I don’t know about you, but my brain immediately wants to draw a straight line through all these points. What I have in mind looks like this:
The green line is my model, and we usually denote the predicted value of the model as \(\hat{y}\). I say this is my model because if you give it a diameter which was not in the initial dataset, it will be able to infer an age. Notice that, to generalize, on the graph, I’m no longer mentioning sequoia trunk diameters or ages but simply a variable \(x\) and corresponding values \(y\).
It seems to work for most points, but I notice there’s always a difference between the actual measurement (red dots) and the value predicted by the model (the green dots of the line). To illustrate this, I’ve exaggerated the differences in the diagram below:
For example, the diameters range from 0 to 11 m (the General Sherman), and I’ve picked a specific value: 7 m. To generalize later, I’ll call this specific value \(x_i\). When I check my notes and the graph, the ranger’s estimated age for this diameter was 1_750 years (see the dashed “Measure” line). Meanwhile, for this same \(x_i\), the green line (the model) predicts an age of 1_500 years (see the “Model” line).
This is just one point, but I see the same pattern across all points. There are always discrepancies, either positive or negative, between the ranger’s estimates (which I’ll treat as the truth) and the predictions from the model (the green line).
Now comes the million-dollar question: How good is this model?
And while we’re at it, if tomorrow I have another a dark green line model (color matters) with a slightly steeper slope—how can I determine which of the two models performs better?
How good is this model?
This is where \(R^2\) comes in. The idea is that it gives us a single value that helps us compare the performance of different models.
OK… How does it work? We want to compare models. Fair enough. But what would be the simplest possible model for our sequoia story? One option could be a very unsophisticated model that always gives the same answer. It wouldn’t respond with 0, since few sequoias have a trunk diameter of 0 m. Nor would it respond with 11 m, as there’s only one General Sherman. A reasonable approach for a “not-so-smart” model would be to always predict the average of all measurements.
Wait wait wait… Where does this average come from?
Let’s say I have a set of values: 18, 12, 13, 17 and 15.
I’m trying to determine a value which, when announced in place of any other value in the set, will minimize the error between this value and reality.

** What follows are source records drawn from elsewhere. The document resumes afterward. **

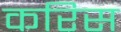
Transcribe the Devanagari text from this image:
करिस
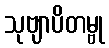
သုဗျာပိတမ္ဗု
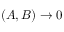
( A , B ) \rightarrow 0
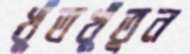
খুঁতখুঁতুন
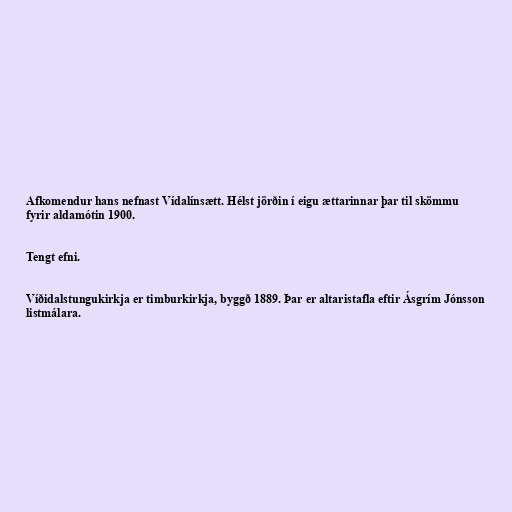
Afkomendur hans nefnast Vídalínsætt. Hélst jörðin í eigu ættarinnar þar til skömmu
fyrir aldamótin 1900.

Tengt efni.

Víðidalstungukirkja er timburkirkja, byggð 1889. Þar er altaristafla eftir Ásgrím Jónsson
listmálara.

Let’s take an extreme example… If I say the value in question is 100, is that a good value? No, because the difference between 100 and any of the values in my set is very large. 100 is not an “optimal” representative of the dataset.

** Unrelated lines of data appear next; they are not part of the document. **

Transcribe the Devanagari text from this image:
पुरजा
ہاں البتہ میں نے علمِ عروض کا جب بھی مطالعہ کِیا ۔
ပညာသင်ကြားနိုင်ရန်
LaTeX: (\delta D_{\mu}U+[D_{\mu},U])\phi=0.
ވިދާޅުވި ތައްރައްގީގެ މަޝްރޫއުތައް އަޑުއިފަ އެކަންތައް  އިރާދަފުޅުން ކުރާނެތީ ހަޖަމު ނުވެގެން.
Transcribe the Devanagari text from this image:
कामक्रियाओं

Similarly, 10 isn’t a good value either, because it’s too small.
In short, I’m looking for x such that the sum of the deviations (x-18) + (x-12) + (x-13) + (x-17) + (x-15) is minimal.
So, an x such that 5x - (18+12+13+17+15) = 0
As a result, for x we find the expression for the arithmetic mean x = (18+12+13+17+15)/5
OK? Let’s continue.
The situation would look like this:
Here, I’ve drawn a horizontal blue line at a height of \(\bar{y}\) (notice the bar above \(y\)), which is the average value of all measured ages. This model would respond, for instance, with 1,250 years regardless of the trunk diameter. If I say the diameter is 2 m, the model predicts 1,250 years. If I say the diameter is 8 m, the model still predicts 1_250 years. When I say it’s “not-so-smart,” I really mean it.

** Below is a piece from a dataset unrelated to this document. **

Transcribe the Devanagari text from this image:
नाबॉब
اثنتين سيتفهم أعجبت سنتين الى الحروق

Now, let’s take a specific \(x_i\). The simple model predicts \(\bar{y}\) (e.g., 1_250 years), while my model predicts \(\hat{y}_i\), which is the height (y-value) at the point where the vertical line through \(x_i\) intersects the green line.
Hmm… Earlier, we saw a gap between the true value and the predicted value of the model. Now we also see a gap but between the “not-so-smart” model and my model. What’s the point?
The key takeaway here is that the model returning the average serves as a benchmark or reference point. Moving forward, we’ll create a method to compare our model against this benchmark. Later, if we compare another model to the same benchmark, we’ll also be able to compare the two models with each other.
Ok, but how do we compare two quantities?
This is where Weber’s Law comes in, which states that we are more sensitive to ratios than to absolute differences.
Let’s use an example to make this clearer. Imagine I’m walking down the street and see two couples ahead of me. In the first couple, both people are about 1.75 m tall. The woman might be slightly taller, but it’s only a matter of a centimeter or so. To me, they seem the same height. In the second couple, it’s a different story. It looks like Shi Feng Luo (the Chinese weightlifting champion, 1.65 m tall) is walking with Victor Wembanyama (the French basketball player, 2.23 m tall). In this case, the difference is glaringly obvious.
So, to compare the performance of our linear regression to the true measurements, we’ll calculate the ratio of their respective gaps relative to the average value (our benchmark, or zero point).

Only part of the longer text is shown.